Source records:
= = = = =

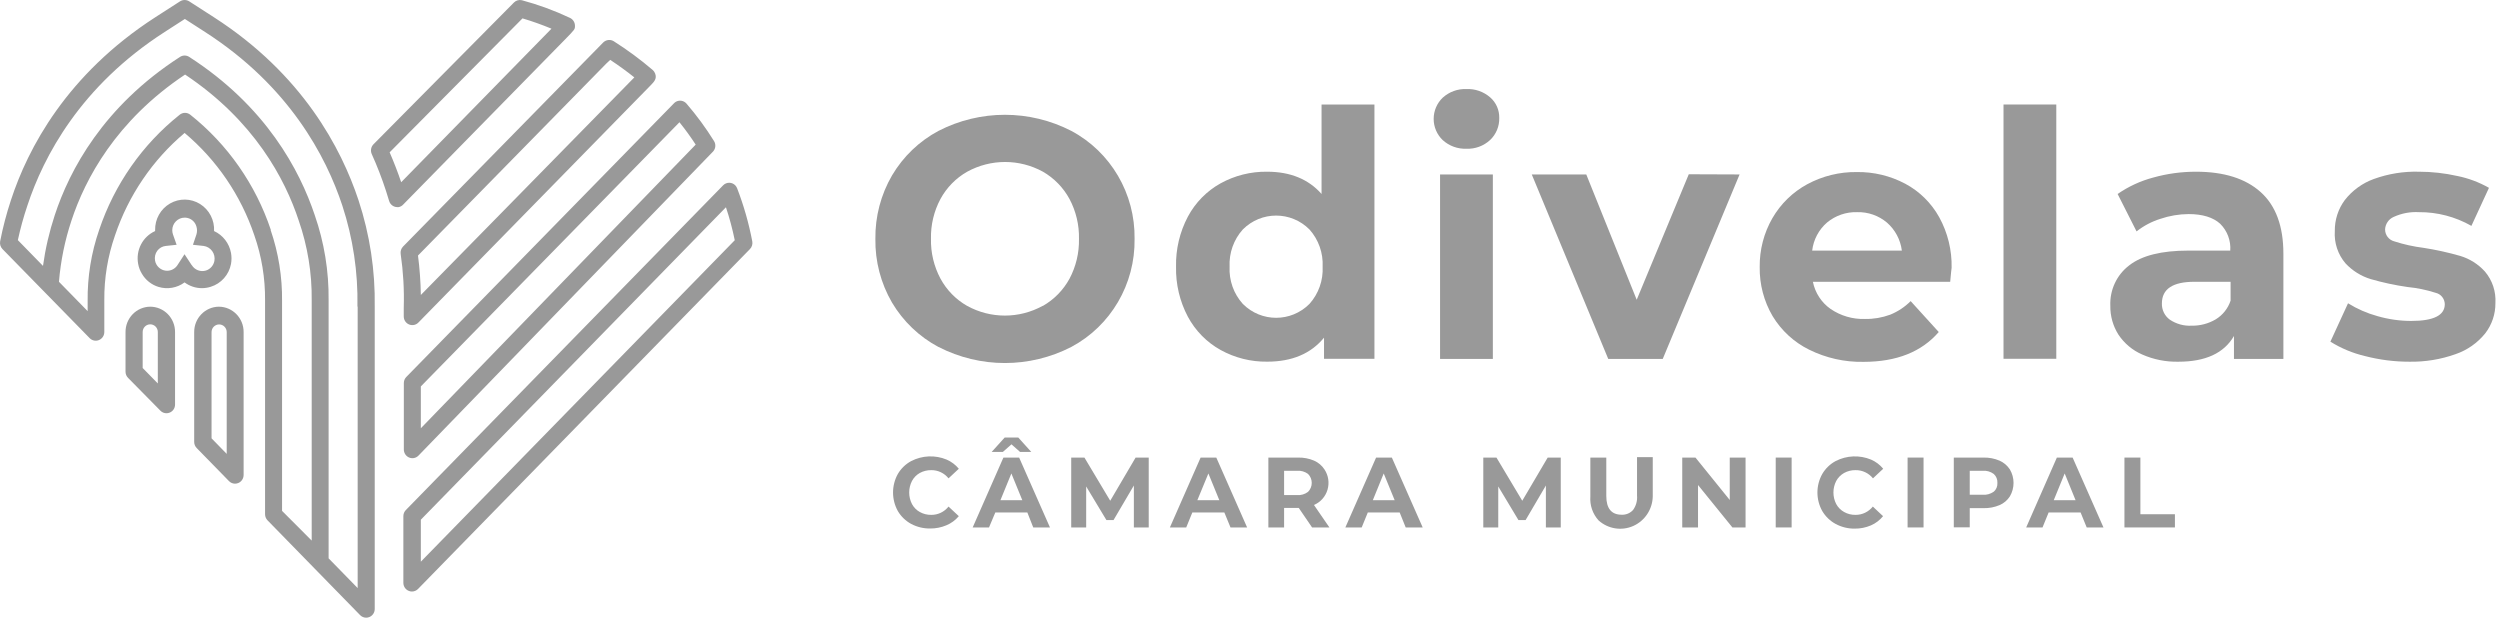 <?xml version="1.0" encoding="UTF-8"?>
<svg width="206px" height="51px" viewBox="0 0 206 51" version="1.1" xmlns="http://www.w3.org/2000/svg" xmlns:xlink="http://www.w3.org/1999/xlink">
    <!-- Generator: Sketch 53.2 (72643) - https://sketchapp.com -->
    <title>Group 12</title>
    <desc>Created with Sketch.</desc>
    <g id="Page-2" stroke="none" stroke-width="1" fill="none" fill-rule="evenodd">
        <g id="Desktop-HD" transform="translate(-528, -3543)" fill="#999999" fill-rule="nonzero">
            <g id="Group-15" transform="translate(324, 3353)">
                <g id="Group-12" transform="translate(204, 190)">
                    <g id="Group-10">
                        <path d="M77.325,28.588 C75.744,27.746 74.421,26.481 73.501,24.931 C72.578,23.344 72.104,21.53 72.132,19.688 C72.106,17.846 72.583,16.032 73.509,14.446 C74.428,12.894 75.751,11.627 77.332,10.785 C80.772,9.017 84.837,9.017 88.276,10.785 C91.531,12.52 93.546,15.962 93.489,19.688 C93.545,23.413 91.53,26.854 88.276,28.588 C84.837,30.356 80.772,30.356 77.332,28.588 L77.325,28.588 Z M85.927,25.211 C86.852,24.684 87.614,23.907 88.128,22.966 C88.662,21.96 88.931,20.831 88.908,19.688 C88.933,18.542 88.664,17.409 88.128,16.399 C87.618,15.458 86.86,14.68 85.939,14.149 C83.992,13.081 81.644,13.081 79.697,14.149 C78.768,14.675 78.005,15.455 77.492,16.399 C76.956,17.404 76.687,18.534 76.712,19.676 C76.687,20.819 76.956,21.948 77.492,22.954 C78.001,23.895 78.759,24.673 79.681,25.199 C81.627,26.273 83.978,26.273 85.924,25.199 L85.927,25.211 Z" id="Shape"></path>
                        <path d="M113.254,8.611 L113.254,29.564 L109.099,29.564 L109.099,27.825 C108.019,29.142 106.458,29.801 104.417,29.801 C103.078,29.82 101.757,29.489 100.582,28.841 C99.441,28.209 98.504,27.258 97.882,26.101 C97.211,24.834 96.875,23.414 96.906,21.977 C96.875,20.539 97.211,19.118 97.882,17.85 C98.5,16.694 99.433,15.743 100.57,15.11 C101.746,14.462 103.066,14.131 104.405,14.149 C106.319,14.149 107.816,14.761 108.896,15.984 L108.896,8.611 L113.254,8.611 Z M107.901,25.041 C108.65,24.207 109.04,23.104 108.985,21.977 C109.04,20.849 108.65,19.745 107.901,18.909 C106.38,17.382 103.928,17.382 102.407,18.909 C101.655,19.744 101.264,20.849 101.319,21.977 C101.263,23.105 101.655,24.208 102.407,25.041 C103.928,26.569 106.38,26.569 107.901,25.041 L107.901,25.041 Z" id="Shape"></path>
                        <path d="M118.884,11.548 C118.406,11.094 118.134,10.46 118.134,9.797 C118.134,9.133 118.406,8.499 118.884,8.045 C119.419,7.563 120.118,7.309 120.834,7.338 C121.546,7.308 122.242,7.55 122.785,8.018 C123.275,8.439 123.551,9.062 123.538,9.714 C123.557,10.403 123.283,11.067 122.785,11.536 C122.254,12.027 121.553,12.285 120.834,12.256 C120.118,12.284 119.419,12.031 118.884,11.548 L118.884,11.548 Z M118.661,14.375 L123.011,14.375 L123.011,29.576 L118.661,29.576 L118.661,14.375 Z" id="Shape"></path>
                        <polygon id="Path" points="143.342 14.375 137.01 29.576 132.519 29.576 126.218 14.375 130.709 14.375 134.864 24.701 139.156 14.359"></polygon>
                        <path d="M160.696,23.219 L149.382,23.219 C149.564,24.125 150.084,24.925 150.833,25.452 C151.67,26.025 152.664,26.315 153.673,26.283 C154.381,26.295 155.084,26.176 155.749,25.931 C156.38,25.676 156.955,25.296 157.438,24.812 L159.752,27.358 C158.34,28.995 156.276,29.814 153.56,29.817 C152.007,29.848 150.469,29.504 149.073,28.813 C147.829,28.201 146.784,27.24 146.061,26.045 C145.345,24.824 144.978,23.425 145,22.005 C144.982,20.591 145.343,19.198 146.046,17.976 C146.731,16.794 147.724,15.827 148.917,15.181 C150.174,14.503 151.579,14.158 153.002,14.177 C154.39,14.157 155.76,14.487 156.99,15.138 C158.168,15.767 159.142,16.728 159.795,17.905 C160.493,19.178 160.845,20.616 160.813,22.072 C160.797,22.088 160.77,22.483 160.696,23.219 Z M150.552,18.332 C149.869,18.92 149.43,19.747 149.323,20.649 L156.713,20.649 C156.599,19.754 156.162,18.933 155.488,18.344 C154.8,17.764 153.928,17.458 153.033,17.482 C152.132,17.453 151.251,17.755 150.552,18.332 L150.552,18.332 Z" id="Shape"></path>
                        <polygon id="Path" points="165.089 8.611 169.439 8.611 169.439 29.564 165.089 29.564"></polygon>
                        <path d="M186.282,15.83 C187.528,16.952 188.151,18.643 188.151,20.902 L188.151,29.576 L184.078,29.576 L184.078,27.686 C183.261,29.099 181.737,29.805 179.505,29.805 C178.476,29.829 177.453,29.625 176.509,29.208 C175.717,28.864 175.04,28.296 174.558,27.572 C174.11,26.865 173.878,26.039 173.891,25.199 C173.835,23.894 174.419,22.645 175.452,21.863 C176.492,21.054 178.114,20.649 180.317,20.649 L183.774,20.649 C183.832,19.82 183.524,19.008 182.935,18.431 C182.361,17.913 181.495,17.64 180.344,17.64 C179.548,17.645 178.758,17.779 178.003,18.036 C177.297,18.258 176.636,18.608 176.052,19.068 L174.492,15.984 C175.388,15.364 176.383,14.905 177.434,14.628 C178.577,14.309 179.759,14.148 180.945,14.149 C183.257,14.149 185.036,14.71 186.282,15.83 Z M182.576,26.314 C183.152,25.964 183.586,25.418 183.801,24.772 L183.801,23.219 L180.816,23.219 C179.034,23.219 178.142,23.813 178.14,25.002 C178.123,25.532 178.369,26.035 178.795,26.342 C179.327,26.698 179.957,26.872 180.594,26.836 C181.289,26.849 181.975,26.669 182.576,26.314 L182.576,26.314 Z" id="Shape"></path>
                        <path d="M194.869,29.339 C193.865,29.101 192.904,28.701 192.025,28.153 L193.477,24.99 C194.232,25.458 195.049,25.814 195.903,26.049 C196.811,26.312 197.749,26.445 198.693,26.445 C200.532,26.445 201.451,25.984 201.451,25.061 C201.441,24.612 201.131,24.228 200.698,24.128 C199.946,23.886 199.17,23.726 198.385,23.65 C197.358,23.504 196.342,23.286 195.345,22.997 C194.552,22.756 193.834,22.308 193.266,21.697 C192.641,20.963 192.326,20.011 192.388,19.044 C192.375,18.122 192.664,17.222 193.211,16.486 C193.833,15.689 194.665,15.086 195.611,14.746 C196.8,14.317 198.058,14.114 199.321,14.149 C200.385,14.15 201.446,14.268 202.485,14.501 C203.399,14.686 204.279,15.015 205.091,15.478 L203.644,18.613 C202.325,17.861 200.835,17.471 199.321,17.482 C198.603,17.44 197.885,17.576 197.23,17.878 C196.826,18.057 196.556,18.451 196.531,18.898 C196.528,19.363 196.839,19.771 197.284,19.886 C198.075,20.142 198.888,20.322 199.711,20.424 C200.728,20.582 201.734,20.804 202.723,21.088 C203.503,21.322 204.206,21.766 204.756,22.373 C205.368,23.091 205.679,24.023 205.622,24.97 C205.63,25.875 205.334,26.756 204.783,27.469 C204.144,28.261 203.298,28.854 202.341,29.181 C201.121,29.616 199.834,29.827 198.541,29.805 C197.302,29.807 196.069,29.65 194.869,29.339 Z" id="Path"></path>
                        <path d="M75.089,43.176 C74.633,42.931 74.251,42.564 73.985,42.116 C73.454,41.164 73.454,40 73.985,39.049 C74.25,38.6 74.632,38.233 75.089,37.989 C75.998,37.523 77.061,37.48 78.003,37.87 C78.392,38.039 78.735,38.297 79.006,38.625 L78.159,39.416 C77.811,38.981 77.285,38.732 76.732,38.74 C76.404,38.735 76.08,38.816 75.791,38.973 C75.519,39.126 75.296,39.353 75.148,39.63 C74.841,40.227 74.841,40.938 75.148,41.535 C75.295,41.811 75.519,42.038 75.791,42.188 C76.079,42.349 76.403,42.43 76.732,42.425 C77.286,42.432 77.813,42.179 78.159,41.741 L79.006,42.532 C78.729,42.861 78.379,43.119 77.984,43.283 C77.56,43.462 77.105,43.553 76.646,43.548 C76.105,43.556 75.57,43.428 75.089,43.176 L75.089,43.176 Z" id="Path"></path>
                        <path d="M84.652,42.227 L82.014,42.227 L81.495,43.461 L80.149,43.461 L82.681,37.704 L83.977,37.704 L86.517,43.461 L85.139,43.461 L84.652,42.227 Z M84.051,37.238 L83.345,36.613 L82.638,37.238 L81.714,37.238 L82.787,36.052 L83.906,36.052 L84.975,37.238 L84.051,37.238 Z M84.238,41.215 L83.337,39.013 L82.436,41.215 L84.238,41.215 Z" id="Shape"></path>
                        <polygon id="Path" points="93.43 43.461 93.43 40.005 91.756 42.852 91.167 42.852 89.501 40.084 89.501 43.465 88.268 43.465 88.268 37.704 89.357 37.704 91.483 41.262 93.574 37.704 94.655 37.704 94.655 43.461"></polygon>
                        <path d="M100.886,42.227 L98.248,42.227 L97.745,43.461 L96.399,43.461 L98.931,37.704 L100.223,37.704 L102.762,43.461 L101.393,43.461 L100.886,42.227 Z M100.472,41.215 L99.571,39.013 L98.662,41.215 L100.472,41.215 Z" id="Shape"></path>
                        <path d="M108.115,43.461 L107.019,41.855 L105.81,41.855 L105.81,43.461 L104.514,43.461 L104.514,37.704 L106.972,37.704 C107.422,37.695 107.868,37.781 108.283,37.957 C108.632,38.11 108.929,38.363 109.138,38.685 C109.463,39.176 109.554,39.788 109.387,40.355 C109.219,40.921 108.81,41.382 108.271,41.61 L109.543,43.461 L108.115,43.461 Z M107.78,39.049 C107.519,38.858 107.199,38.767 106.879,38.792 L105.81,38.792 L105.81,40.796 L106.879,40.796 C107.201,40.82 107.521,40.726 107.78,40.531 C107.977,40.336 108.088,40.069 108.088,39.79 C108.088,39.511 107.977,39.243 107.78,39.049 L107.78,39.049 Z" id="Shape"></path>
                        <path d="M115.333,42.227 L112.707,42.227 L112.204,43.461 L110.858,43.461 L113.39,37.704 L114.689,37.704 L117.229,43.461 L115.829,43.461 L115.333,42.227 Z M114.92,41.215 L114.018,39.013 L113.121,41.215 L114.92,41.215 Z" id="Shape"></path>
                        <polygon id="Path" points="127.381 43.461 127.381 40.005 125.711 42.852 125.118 42.852 123.456 40.084 123.456 43.465 122.223 43.465 122.223 37.704 123.308 37.704 125.434 41.262 127.529 37.704 128.606 37.704 128.606 43.461"></polygon>
                        <path d="M131.727,42.887 C131.239,42.353 130.991,41.637 131.045,40.911 L131.045,37.704 L132.359,37.704 L132.359,40.867 C132.359,41.895 132.781,42.413 133.623,42.413 C133.981,42.431 134.327,42.286 134.568,42.018 C134.814,41.675 134.929,41.254 134.891,40.832 L134.891,37.669 L136.187,37.669 L136.187,40.911 C136.163,41.968 135.535,42.916 134.579,43.34 C133.622,43.764 132.51,43.587 131.727,42.887 L131.727,42.887 Z" id="Path"></path>
                        <polygon id="Path" points="143.834 37.704 143.834 43.461 142.749 43.461 139.917 39.966 139.917 43.461 138.617 43.461 138.617 37.704 139.706 37.704 142.531 41.199 142.531 37.704"></polygon>
                        <polygon id="Path" points="146.319 37.704 147.63 37.704 147.63 43.461 146.319 43.461"></polygon>
                        <path d="M151.262,43.176 C150.806,42.931 150.425,42.564 150.158,42.116 C149.622,41.166 149.622,39.999 150.158,39.049 C150.423,38.6 150.805,38.233 151.262,37.989 C152.17,37.524 153.231,37.481 154.173,37.87 C154.562,38.038 154.905,38.296 155.175,38.625 L154.333,39.416 C153.981,38.979 153.45,38.73 152.893,38.74 C152.565,38.735 152.241,38.815 151.953,38.973 C151.681,39.127 151.456,39.354 151.305,39.63 C150.998,40.227 150.998,40.938 151.305,41.535 C151.455,41.811 151.68,42.037 151.953,42.188 C152.24,42.349 152.564,42.431 152.893,42.425 C153.447,42.43 153.973,42.178 154.321,41.741 L155.164,42.532 C154.894,42.865 154.549,43.127 154.157,43.295 C153.734,43.475 153.278,43.565 152.819,43.559 C152.277,43.564 151.742,43.432 151.262,43.176 Z" id="Path"></path>
                        <polygon id="Path" points="157.185 37.704 158.5 37.704 158.5 43.461 157.185 43.461"></polygon>
                        <path d="M164.761,37.957 C165.11,38.11 165.407,38.363 165.616,38.685 C166.016,39.367 166.016,40.216 165.616,40.899 C165.409,41.221 165.112,41.474 164.761,41.622 C164.346,41.797 163.9,41.882 163.451,41.871 L162.307,41.871 L162.307,43.453 L160.993,43.453 L160.993,37.704 L163.451,37.704 C163.9,37.695 164.347,37.781 164.761,37.957 L164.761,37.957 Z M164.278,40.527 C164.489,40.345 164.604,40.072 164.586,39.792 C164.604,39.509 164.49,39.234 164.278,39.049 C164.018,38.858 163.7,38.767 163.38,38.792 L162.307,38.792 L162.307,40.768 L163.38,40.768 C163.699,40.793 164.017,40.704 164.278,40.515 L164.278,40.527 Z" id="Shape"></path>
                        <path d="M171.441,42.227 L168.807,42.227 L168.304,43.461 L166.958,43.461 L169.486,37.704 L170.785,37.704 L173.325,43.461 L171.944,43.461 L171.441,42.227 Z M171.027,41.215 L170.13,39.013 L169.229,41.215 L171.027,41.215 Z" id="Shape"></path>
                        <polygon id="Path" points="175.054 37.704 176.368 37.704 176.368 42.373 179.213 42.373 179.213 43.461 175.054 43.461"></polygon>
                        <path d="M17.354,23.634 C18.219,23.372 18.868,22.643 19.036,21.744 L19.036,21.744 C19.089,21.447 19.089,21.143 19.036,20.847 C18.891,20.049 18.369,19.374 17.639,19.04 C17.687,18.14 17.245,17.286 16.488,16.812 C15.731,16.339 14.779,16.323 14.007,16.77 C13.234,17.217 12.764,18.056 12.782,18.957 C12.782,18.985 12.782,19.012 12.782,19.04 C11.751,19.503 11.172,20.626 11.385,21.748 C11.436,22.036 11.541,22.311 11.693,22.559 C11.999,23.081 12.488,23.468 13.063,23.642 C13.796,23.864 14.59,23.727 15.209,23.27 C15.625,23.579 16.128,23.745 16.644,23.745 C16.885,23.743 17.124,23.706 17.354,23.634 L17.354,23.634 Z M15.794,21.847 L15.205,20.949 L14.623,21.847 C14.43,22.143 14.101,22.318 13.75,22.31 C13.4,22.302 13.078,22.112 12.899,21.807 C12.839,21.708 12.798,21.598 12.778,21.483 C12.722,21.195 12.788,20.896 12.961,20.661 C13.131,20.436 13.385,20.292 13.664,20.265 L14.553,20.171 L14.253,19.317 C14.214,19.202 14.194,19.082 14.194,18.961 C14.201,18.394 14.653,17.937 15.212,17.933 C15.295,17.932 15.378,17.942 15.458,17.961 C15.807,18.044 16.085,18.311 16.184,18.66 C16.252,18.876 16.252,19.109 16.184,19.325 L15.899,20.171 L16.777,20.265 C17.06,20.302 17.315,20.455 17.484,20.688 C17.652,20.922 17.718,21.215 17.667,21.499 C17.598,21.871 17.332,22.175 16.976,22.29 C16.531,22.43 16.048,22.248 15.802,21.847 L15.794,21.847 Z M18.037,25.271 C16.905,25.281 15.994,26.218 16.001,27.366 L16.001,36.415 C16.001,36.604 16.076,36.785 16.207,36.918 L18.868,39.642 C18.999,39.778 19.18,39.855 19.368,39.855 C19.46,39.854 19.551,39.835 19.637,39.8 C19.901,39.689 20.073,39.429 20.074,39.139 L20.074,27.366 C20.082,26.22 19.175,25.284 18.045,25.271 L18.037,25.271 Z M18.681,37.4 L17.432,36.119 L17.432,27.366 C17.432,27.017 17.712,26.733 18.057,26.733 C18.401,26.733 18.681,27.017 18.681,27.366 L18.681,37.4 Z M12.38,25.271 C11.836,25.275 11.315,25.498 10.933,25.891 C10.551,26.284 10.339,26.814 10.343,27.366 L10.343,30.632 C10.344,30.82 10.418,31.001 10.55,31.134 L13.219,33.842 C13.35,33.977 13.531,34.053 13.718,34.051 C13.811,34.052 13.903,34.034 13.987,33.996 C14.253,33.887 14.426,33.626 14.424,33.336 L14.424,27.366 C14.429,26.813 14.215,26.281 13.832,25.888 C13.448,25.495 12.926,25.273 12.38,25.271 Z M13.004,31.596 L11.756,30.323 L11.756,27.358 C11.756,27.009 12.035,26.725 12.38,26.725 C12.725,26.725 13.004,27.009 13.004,27.358 L13.004,31.596 Z M17.635,1.427 L15.591,0.111 C15.359,-0.036 15.066,-0.036 14.834,0.111 L12.79,1.427 C5.517,6.12 2.295,12.208 0.898,16.502 C0.532,17.608 0.236,18.737 0.012,19.882 C-0.031,20.114 0.041,20.353 0.203,20.522 L7.39,27.864 C7.591,28.068 7.894,28.13 8.158,28.02 C8.421,27.91 8.594,27.651 8.595,27.362 L8.595,24.935 L8.595,24.741 C8.579,22.921 8.878,21.112 9.477,19.396 C10.586,16.101 12.571,13.18 15.212,10.955 C17.859,13.178 19.848,16.099 20.959,19.396 C21.559,21.112 21.857,22.921 21.841,24.741 C21.839,24.753 21.839,24.765 21.841,24.776 L21.841,42.373 C21.842,42.561 21.914,42.741 22.044,42.875 L29.671,50.684 C29.803,50.82 29.983,50.897 30.171,50.897 C30.263,50.898 30.355,50.879 30.44,50.842 C30.705,50.732 30.878,50.471 30.877,50.182 L30.877,25.275 C30.925,22.295 30.474,19.329 29.543,16.502 C28.119,12.208 24.923,6.12 17.635,1.427 Z M22.317,18.945 C21.062,15.197 18.757,11.9 15.685,9.457 C15.427,9.246 15.06,9.246 14.803,9.457 C11.732,11.902 9.427,15.198 8.17,18.945 C7.518,20.829 7.197,22.815 7.222,24.812 L7.222,24.99 L7.222,25.638 L4.858,23.219 C4.999,21.501 5.345,19.807 5.888,18.174 C7.008,14.77 9.54,9.955 15.251,6.144 C20.963,9.955 23.495,14.77 24.615,18.174 C25.347,20.282 25.709,22.503 25.684,24.737 L25.684,44.544 L23.242,42.097 L23.242,26.002 L23.242,24.816 C23.265,22.818 22.946,20.832 22.298,18.945 L22.317,18.945 Z M29.472,25.271 L29.472,48.458 L27.077,46.007 L27.077,24.741 C27.104,22.352 26.717,19.977 25.934,17.723 C24.697,14.027 21.919,8.765 15.591,4.689 C15.36,4.538 15.064,4.538 14.834,4.689 C8.506,8.765 5.728,14.027 4.514,17.723 C4.065,19.086 3.739,20.487 3.543,21.91 L1.471,19.787 C1.678,18.828 1.938,17.881 2.252,16.952 C3.59,12.88 6.641,7.092 13.566,2.637 L15.232,1.562 L16.898,2.637 C23.823,7.092 26.87,12.88 28.212,16.952 C29.087,19.629 29.507,22.436 29.453,25.255 L29.472,25.271 Z M61.988,19.89 C61.704,18.396 61.286,16.931 60.739,15.513 C60.703,15.422 60.65,15.339 60.583,15.268 C60.451,15.134 60.271,15.059 60.084,15.059 L60.084,15.059 C59.896,15.06 59.716,15.137 59.584,15.272 L33.444,42.025 C33.312,42.158 33.238,42.339 33.237,42.528 L33.237,48.027 C33.238,48.318 33.412,48.579 33.678,48.687 C33.762,48.725 33.852,48.744 33.944,48.742 C34.133,48.742 34.314,48.665 34.447,48.529 L61.785,20.534 C61.955,20.368 62.032,20.126 61.988,19.89 L61.988,19.89 Z M34.677,46.283 L34.677,42.824 L59.818,17.079 C60.114,17.969 60.356,18.876 60.544,19.795 L34.677,46.283 Z M33.702,37.696 C33.968,37.814 34.278,37.752 34.482,37.542 L58.738,12.505 C58.757,12.488 58.774,12.47 58.788,12.449 C58.977,12.212 58.996,11.88 58.835,11.623 C58.16,10.537 57.402,9.506 56.569,8.539 C56.347,8.283 55.979,8.22 55.687,8.389 C55.626,8.425 55.57,8.47 55.523,8.524 L33.483,31.059 C33.35,31.191 33.276,31.372 33.276,31.561 L33.276,37.036 C33.275,37.323 33.442,37.582 33.702,37.696 L33.702,37.696 Z M55.987,10.073 C56.464,10.664 56.91,11.279 57.325,11.916 L34.677,35.289 L34.677,31.841 L55.987,10.073 Z M33.269,25.362 C33.267,25.372 33.267,25.383 33.269,25.393 L33.269,26.073 L33.269,26.073 C33.268,26.367 33.445,26.631 33.715,26.739 C33.984,26.847 34.292,26.778 34.49,26.563 L53.607,7.037 C53.912,6.725 54.15,6.48 53.978,6.045 C53.935,5.936 53.867,5.84 53.779,5.764 C52.764,4.898 51.689,4.105 50.564,3.392 C50.342,3.261 50.068,3.261 49.846,3.392 C49.786,3.425 49.732,3.468 49.686,3.519 L33.21,20.317 C33.056,20.477 32.984,20.7 33.015,20.922 C33.229,22.391 33.314,23.877 33.269,25.362 Z M49.959,5.238 L50.283,4.934 C50.97,5.389 51.637,5.871 52.269,6.377 L41.122,17.743 L34.677,24.306 C34.66,23.219 34.582,22.134 34.443,21.056 L49.959,5.238 Z M46.573,3.238 C47.377,2.415 47.377,2.415 47.377,2.123 C47.376,1.841 47.213,1.586 46.959,1.471 C45.686,0.871 44.363,0.386 43.007,0.02 C42.769,-0.038 42.519,0.034 42.347,0.209 L30.776,11.888 C30.565,12.103 30.509,12.428 30.635,12.702 C31.081,13.689 31.472,14.7 31.806,15.731 C31.895,16.004 31.981,16.284 32.063,16.557 C32.151,16.855 32.419,17.061 32.726,17.067 C32.767,17.071 32.807,17.071 32.847,17.067 C32.998,17.038 33.135,16.958 33.237,16.842 L46.573,3.238 Z M32.106,12.552 L43.054,1.514 C43.864,1.755 44.661,2.039 45.441,2.364 L33.058,15.015 C32.777,14.185 32.457,13.359 32.106,12.552 Z" id="Shape"></path>
                    </g>
                </g>
            </g>
        </g>
    </g>
</svg>

= = = = =

■ Required action ■
Pictures are to be dropped; the lines from the start of the entries above through the line with "<desc>Created with Sketch.</desc>" are to be given again verbatim.

■ Task response ■
 <?xml version="1.0" encoding="UTF-8"?>
<svg width="206px" height="51px" viewBox="0 0 206 51" version="1.1" xmlns="http://www.w3.org/2000/svg" xmlns:xlink="http://www.w3.org/1999/xlink">
    <!-- Generator: Sketch 53.2 (72643) - https://sketchapp.com -->
    <title>Group 12</title>
    <desc>Created with Sketch.</desc>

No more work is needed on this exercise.